Exercise brief:
Write every line below out again exactly, images omitted.

Supplied data:
———

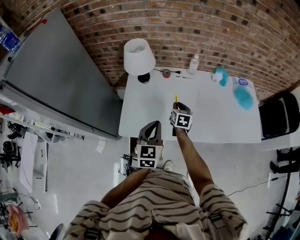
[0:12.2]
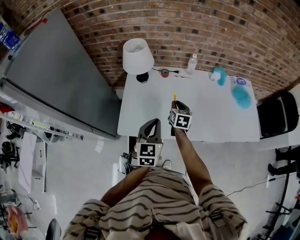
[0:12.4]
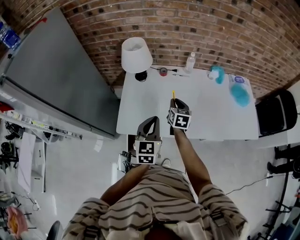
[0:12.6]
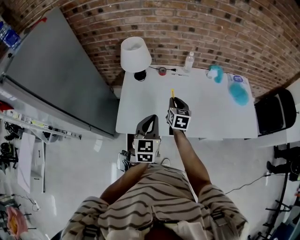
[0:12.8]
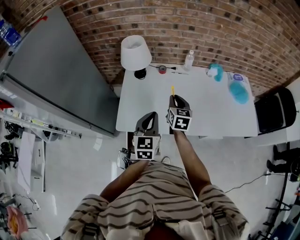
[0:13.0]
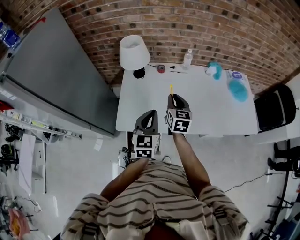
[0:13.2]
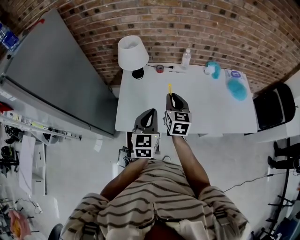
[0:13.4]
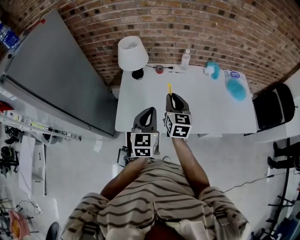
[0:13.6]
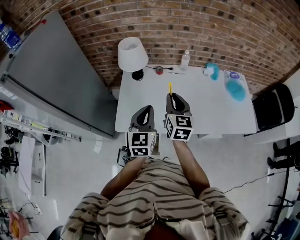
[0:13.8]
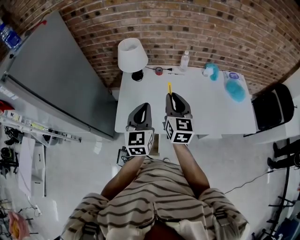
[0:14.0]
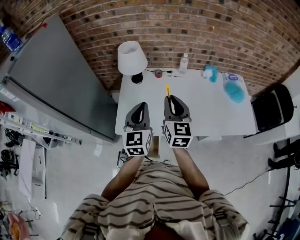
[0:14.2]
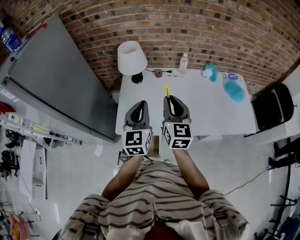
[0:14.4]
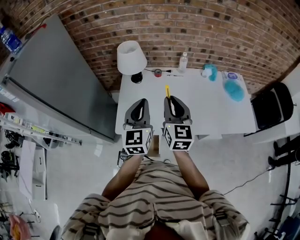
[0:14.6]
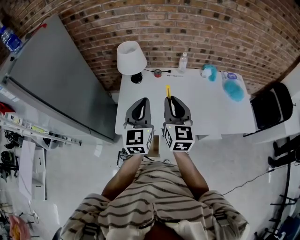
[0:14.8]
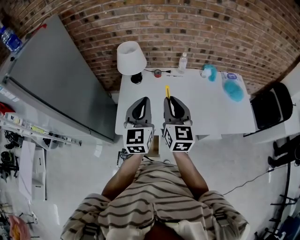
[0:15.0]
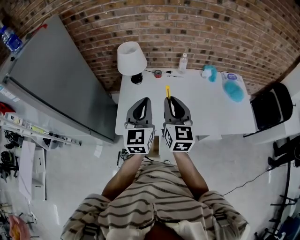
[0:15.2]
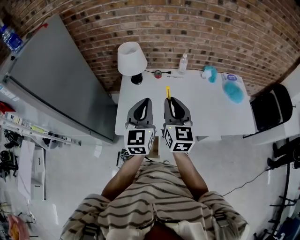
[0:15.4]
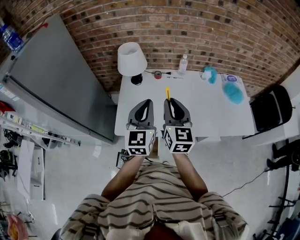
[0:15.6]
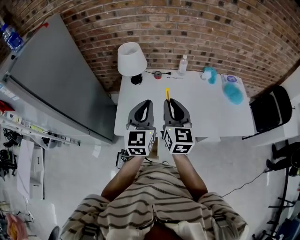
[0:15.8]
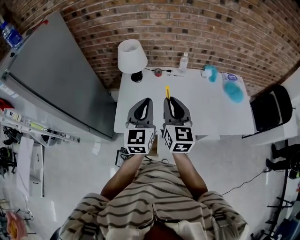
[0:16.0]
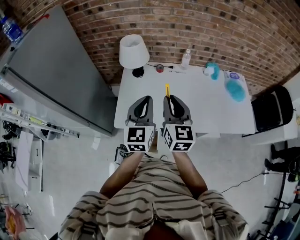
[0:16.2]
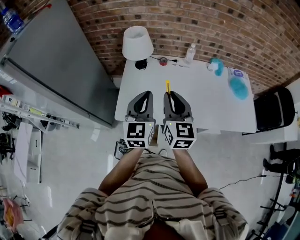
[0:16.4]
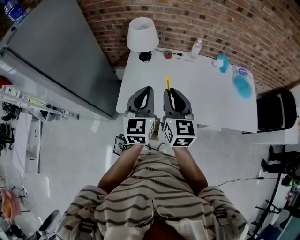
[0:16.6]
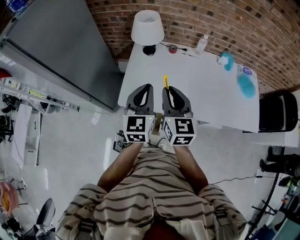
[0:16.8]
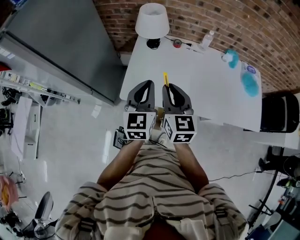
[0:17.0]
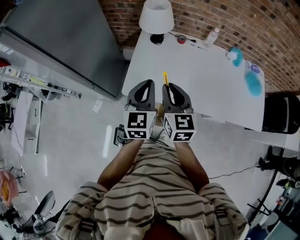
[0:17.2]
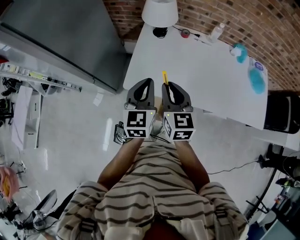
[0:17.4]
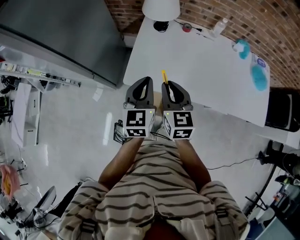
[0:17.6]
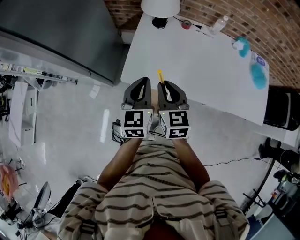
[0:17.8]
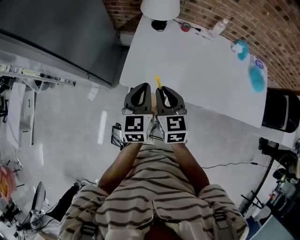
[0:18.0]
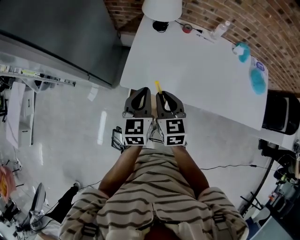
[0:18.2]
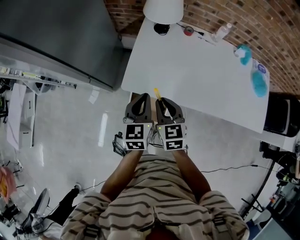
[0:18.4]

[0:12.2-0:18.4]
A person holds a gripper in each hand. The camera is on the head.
0:12.2 to 0:13.8: The right gripper heads upward and backward, covering some 20 cm, and turns by approximately 30 degrees. The left gripper travels upward by approximately 5 cm.
0:13.8 to 0:15.4: The two grippers go about 5 cm upward.
0:15.4 to 0:16.8: The left gripper travels downward and to the left by some 5 cm; the right gripper moves to the left, approximately 5 cm.
0:16.8 to 0:18.4: Both grippers move downward and to the left, about 15 cm. The right gripper rotates some 20 degrees.

———

Solution to the exercise:
[0:12.2]
[0:12.4]
[0:12.6]
[0:12.8]
[0:13.0]
[0:13.2]
[0:13.4]
[0:13.6]
[0:13.8]
[0:14.0]
[0:14.2]
[0:14.4]
[0:14.6]
[0:14.8]
[0:15.0]
[0:15.2]
[0:15.4]
[0:15.6]
[0:15.8]
[0:16.0]
[0:16.2]
[0:16.4]
[0:16.6]
[0:16.8]
[0:17.0]
[0:17.2]
[0:17.4]
[0:17.6]
[0:17.8]
[0:18.0]
[0:18.2]
[0:18.4]

[0:12.2-0:18.4]
A person holds a gripper in each hand. The camera is on the head.
0:12.2 to 0:13.8: The right gripper heads upward and backward, covering some 20 cm, and turns by approximately 30 degrees. The left gripper travels upward by approximately 5 cm.
0:13.8 to 0:15.4: The two grippers go about 5 cm upward.
0:15.4 to 0:16.8: The left gripper travels downward and to the left by some 5 cm; the right gripper moves to the left, approximately 5 cm.
0:16.8 to 0:18.4: Both grippers move downward and to the left, about 15 cm. The right gripper rotates some 20 degrees.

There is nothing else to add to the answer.